Runs before the tool loop when `profile.planning_enabled = True`.

### Phase 1 — Analysis
LLM receives the user request with a classification prompt. Outputs:
- `DIRECT` → skip planning entirely (simple request).
- A structured analysis + `REFLECT: yes/no` → continue to Phase 2 or 3.

### Phase 2 — Multi-perspective review (conditional)
Runs only when `profile.planning_reflect_enabled = True` AND Phase 1 outputs `REFLECT: yes`.
Three advisors run in parallel (via `asyncio.gather`), each receiving the full chat context and the Phase 1 analysis:
- **Critic** — what could go wrong
- **Pragmatist** — simpler/more direct path
- **Detailer** — missing requirements

Advisor feedback is embedded into the Phase 3 prompt.

### Phase 3 — Execution plan
LLM produces a numbered step list. Each step is assigned an executor:
- `TOOL: tool_name` — single tool call
- `AGENT: profile_id` — delegated to a subagent via `spawn_agent`
- `SELF` — handled inline (synthesis, context-dependent action)

**Comma test (enforced in prompt):** if a step description lists multiple things with "and" or commas, each item must be a separate step.

The plan is injected into `session.context` as an assistant message and saved to `session.messages` with `is_plan=True` for UI rendering. The todo list is auto-populated from the plan steps.

---

## Thinking mechanics

All flags live on `AgentProfile` and can be set per-profile in `config.json`.
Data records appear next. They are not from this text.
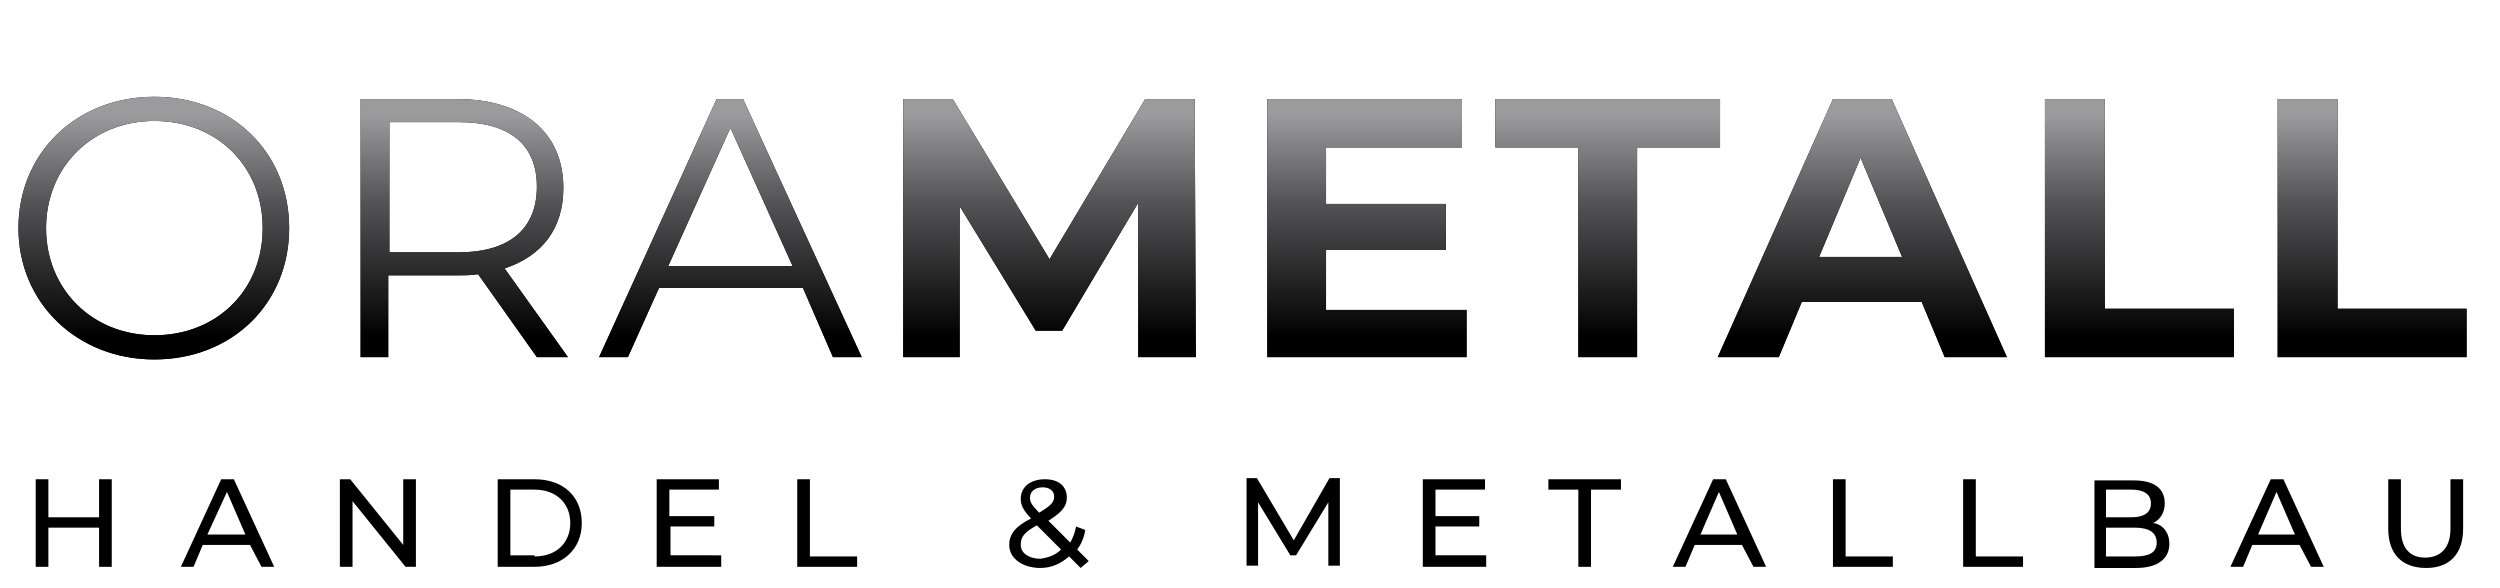 <?xml version="1.0" encoding="utf-8"?>
<!-- Generator: Adobe Illustrator 22.1.0, SVG Export Plug-In . SVG Version: 6.00 Build 0)  -->
<svg version="1.1" id="Layer_1" xmlns="http://www.w3.org/2000/svg" xmlns:xlink="http://www.w3.org/1999/xlink" x="0px" y="0px"
	 viewBox="0 0 217 51" style="enable-background:new 0 0 217 51;" xml:space="preserve">
<style type="text/css">
	.st0{fill:url(#SVGID_1_);}
</style>
<path d="M13.4,31.2c6.7,0,11.7-4.8,11.7-11.4s-5-11.4-11.7-11.4c-6.8,0-11.8,4.9-11.8,11.4S6.7,31.2,13.4,31.2z M13.4,29.1
	C8,29.1,4,25.1,4,19.8s4-9.3,9.4-9.3c5.4,0,9.4,3.9,9.4,9.3S18.8,29.1,13.4,29.1z M49.3,31l-5.5-7.7c3.3-1.1,5.1-3.5,5.1-7
	c0-4.8-3.5-7.7-9.2-7.7h-8.4V31h2.4v-7.1h6c0.6,0,1.2,0,1.8-0.1l5.1,7.2H49.3z M39.8,21.9h-6V10.6h6c4.5,0,6.8,2,6.8,5.6
	C46.6,19.8,44.3,21.9,39.8,21.9z M72.3,31h2.5L64.5,8.6h-2.3L52,31h2.5l2.7-6h12.5L72.3,31z M58,23.1l5.4-12l5.4,12H58z M98.8,31
	l0-13.4l-6.6,11.1h-2.3l-6.6-10.8V31h-4.9V8.6h4.3l8.4,13.9l8.3-13.9h4.3l0.1,22.4H98.8z M127.3,26.8V31H110V8.6h16.9v4.2h-11.8v4.9
	h10.4v4h-10.4v5.2H127.3z M137,12.8h-7.2V8.6h19.5v4.2h-7.2V31H137V12.8z M166.8,26.2h-10.4l-2,4.8h-5.3l10-22.4h5.1l10,22.4h-5.4
	L166.8,26.2z M165.1,22.3l-3.6-8.6l-3.6,8.6H165.1z M177.5,8.6h5.2v18.2h11.2V31h-16.4V8.6z M197.7,8.6h5.2v18.2h11.2V31h-16.4V8.6z
	"/>
<linearGradient id="SVGID_1_" gradientUnits="userSpaceOnUse" x1="107.911" y1="41.276" x2="107.911" y2="20.276" gradientTransform="matrix(1 0 0 -1 0 51.276)">
	<stop  offset="0" style="stop-color:#9B9B9D"/>
	<stop  offset="0.352" style="stop-color:#555557"/>
	<stop  offset="0.92" style="stop-color:#000000"/>
</linearGradient>
<path class="st0" d="M13.4,31.2c6.7,0,11.7-4.8,11.7-11.4s-5-11.4-11.7-11.4c-6.8,0-11.8,4.9-11.8,11.4S6.7,31.2,13.4,31.2z
	 M13.4,29.1C8,29.1,4,25.1,4,19.8s4-9.3,9.4-9.3c5.4,0,9.4,3.9,9.4,9.3S18.8,29.1,13.4,29.1z M49.3,31l-5.5-7.7
	c3.3-1.1,5.1-3.5,5.1-7c0-4.8-3.5-7.7-9.2-7.7h-8.4V31h2.4v-7.1h6c0.6,0,1.2,0,1.8-0.1l5.1,7.2H49.3z M39.8,21.9h-6V10.6h6
	c4.5,0,6.8,2,6.8,5.6C46.6,19.8,44.3,21.9,39.8,21.9z M72.3,31h2.5L64.5,8.6h-2.3L52,31h2.5l2.7-6h12.5L72.3,31z M58,23.1l5.4-12
	l5.4,12H58z M98.8,31l0-13.4l-6.6,11.1h-2.3l-6.6-10.8V31h-4.9V8.6h4.3l8.4,13.9l8.3-13.9h4.3l0.1,22.4H98.8z M127.3,26.8V31H110
	V8.6h16.9v4.2h-11.8v4.9h10.4v4h-10.4v5.2H127.3z M137,12.8h-7.2V8.6h19.5v4.2h-7.2V31H137V12.8z M166.8,26.2h-10.4l-2,4.8h-5.3
	l10-22.4h5.1l10,22.4h-5.4L166.8,26.2z M165.1,22.3l-3.6-8.6l-3.6,8.6H165.1z M177.5,8.6h5.2v18.2h11.2V31h-16.4V8.6z M197.7,8.6
	h5.2v18.2h11.2V31h-16.4V8.6z"/>
<g>
	<path d="M9.7,41.6v7.6H8.6v-3.4H4.2v3.4H3.1v-7.6h1.1v3.3h4.4v-3.3H9.7z"/>
	<path d="M21.7,47.3h-4.1l-0.8,1.9h-1.1l3.5-7.6h1.1l3.5,7.6h-1.1L21.7,47.3z M21.3,46.4l-1.6-3.7L18,46.4H21.3z"/>
	<path d="M36.1,41.6v7.6h-0.9l-4.6-5.7v5.7h-1.1v-7.6h0.9l4.6,5.7v-5.7H36.1z"/>
	<path d="M43.2,41.6h3.2c2.5,0,4.1,1.5,4.1,3.8c0,2.3-1.7,3.8-4.1,3.8h-3.2V41.6z M46.4,48.3c1.9,0,3.1-1.2,3.1-2.9
		c0-1.7-1.2-2.9-3.1-2.9h-2.1v5.7H46.4z"/>
	<path d="M62.6,48.3v0.9H57v-7.6h5.4v0.9h-4.3v2.3H62v0.9h-3.8v2.5H62.6z"/>
	<path d="M69.2,41.6h1.1v6.7h4.1v0.9h-5.2V41.6z"/>
	<path d="M93.8,49.3l-1-1c-0.7,0.6-1.5,1-2.5,1c-1.5,0-2.7-0.8-2.7-2c0-0.9,0.5-1.6,1.9-2.3c-0.7-0.7-0.9-1.2-0.9-1.7
		c0-1,0.8-1.7,2.1-1.7c1.2,0,1.9,0.6,1.9,1.6c0,0.8-0.5,1.3-1.6,2l1.9,1.9c0.2-0.4,0.4-0.8,0.5-1.4l0.8,0.3
		c-0.1,0.7-0.4,1.3-0.7,1.7l1,1L93.8,49.3z M92.1,47.7L90,45.6c-1.1,0.6-1.4,1-1.4,1.7c0,0.7,0.7,1.2,1.7,1.2
		C91,48.4,91.6,48.2,92.1,47.7z M89.4,43.2c0,0.4,0.2,0.7,0.8,1.3c1-0.6,1.3-0.9,1.3-1.4c0-0.5-0.4-0.8-1-0.8
		C89.8,42.3,89.4,42.7,89.4,43.2z"/>
	<path d="M115.3,49.2l0-5.6l-2.8,4.6H112l-2.8-4.6v5.5h-1v-7.6h0.9l3.2,5.4l3.1-5.4h0.9l0,7.6H115.3z"/>
	<path d="M129,48.3v0.9h-5.5v-7.6h5.4v0.9h-4.3v2.3h3.8v0.9h-3.8v2.5H129z"/>
	<path d="M137,42.5h-2.6v-0.9h6.3v0.9h-2.6v6.7H137V42.5z"/>
	<path d="M151.2,47.3h-4.1l-0.8,1.9h-1.1l3.5-7.6h1.1l3.5,7.6h-1.1L151.2,47.3z M150.8,46.4l-1.6-3.7l-1.6,3.7H150.8z"/>
	<path d="M159.1,41.6h1.1v6.7h4.1v0.9h-5.2V41.6z"/>
	<path d="M170.4,41.6h1.1v6.7h4.1v0.9h-5.2V41.6z"/>
	<path d="M188.3,47.2c0,1.3-1,2.1-2.9,2.1h-3.6v-7.6h3.4c1.8,0,2.7,0.7,2.7,2c0,0.8-0.4,1.4-1,1.7C187.7,45.5,188.3,46.2,188.3,47.2
		z M182.8,42.5v2.4h2.2c1.1,0,1.7-0.4,1.7-1.2c0-0.8-0.6-1.2-1.7-1.2H182.8z M187.2,47.1c0-0.9-0.7-1.3-1.9-1.3h-2.5v2.5h2.5
		C186.5,48.3,187.2,48,187.2,47.1z"/>
	<path d="M199.6,47.3h-4.1l-0.8,1.9h-1.1l3.5-7.6h1.1l3.5,7.6h-1.1L199.6,47.3z M199.2,46.4l-1.6-3.7l-1.6,3.7H199.2z"/>
	<path d="M207.3,45.9v-4.3h1.1v4.3c0,1.7,0.8,2.5,2.1,2.5s2.2-0.8,2.2-2.5v-4.3h1.1v4.3c0,2.2-1.2,3.4-3.2,3.4
		C208.5,49.3,207.3,48.1,207.3,45.9z"/>
</g>
</svg>

| Flag | Default | What it does |
|---|---|---|
| `think_enabled` | `true` | Passes `think=True` to LLM on every main-loop call (extended reasoning) |
| `iteration_budget_enabled` | `true` | Injects remaining iteration count into context so model wraps up in time |
| `planning_reflect_enabled` | `false` | Enables Phase 2 advisor review (3 parallel LLM calls, adds latency) |
| `goal_anchoring_enabled` | `true` | Injects goal-reminder system message every N iterations |
| `goal_anchoring_interval` | `5` | N for goal anchoring |
| `anti_stall_enabled` | `true` | Detects looping without todo progress and injects a warning |
| `anti_stall_threshold` | `8` | Consecutive iterations without progress before warning fires |
| `step_validation_enabled` | `false` | Blocks marking a todo step `done` without a `validation` field |
| `adaptive_replan_enabled` | `false` | When a step is marked `failed`, queues a re-plan prompt for the next iteration |
| `subagent_planning_enabled` | `false` | Subagents run their own planning phase |

---

## Tool-calling loop

Runs up to `profile.max_iterations` times.

```
Each iteration:
  1. Check stop_event → yield StreamStopped if set
  2. Build context: _build_context() injects iteration budget and goal anchor (if due)
  3. Check anti-stall: if stalled, append warning message to context
  4. Inject queued adaptive re-plan message (if a step failed last iteration)
  5. llm.stream_complete(context, tool_schemas)
     → ThinkingDelta/ThinkingEnd events during reasoning
     → TextDelta events during text generation
  6a. No tool calls → save session, yield StreamEnd, run workers, return
  6b. Tool calls → execute each, yield ToolEvent, append results to context
  7. Update anti-stall counters, detect newly-failed todo steps
  8. Check if profile switched → reload profile + tools
```

### Sub-agent event forwarding
When `spawn_agent` runs a subagent, its events arrive through `current_event_sink`. The parent drains the queue in real time, yielding subagent events marked with `is_subagent=True`.

### Cooperative stop
Stop is signalled via `current_stop_event` (an `asyncio.Event`). Checked before each LLM call, during streaming, and after tool execution. Never use `task.cancel()` — it corrupts WebSocket state.

---

## Workers

Run sequentially after `StreamEnd`. Currently: `CompressionWorker`.

Pre-turn compression also runs at the start of `run_stream()` if `session.context_token_count` exceeds the threshold. See [`sessions.md`](sessions.md).

---

## System prompt construction (`_build_context`)

Every LLM call receives:
1. System message: `persona + "---" + profile.system_prompt` (injected fresh, never stored).
2. Optional memory message: `"## What I remember about the user\n..."`.
3. `session.context` messages (system messages stripped to avoid duplication).

Profile switches and persona changes take effect immediately.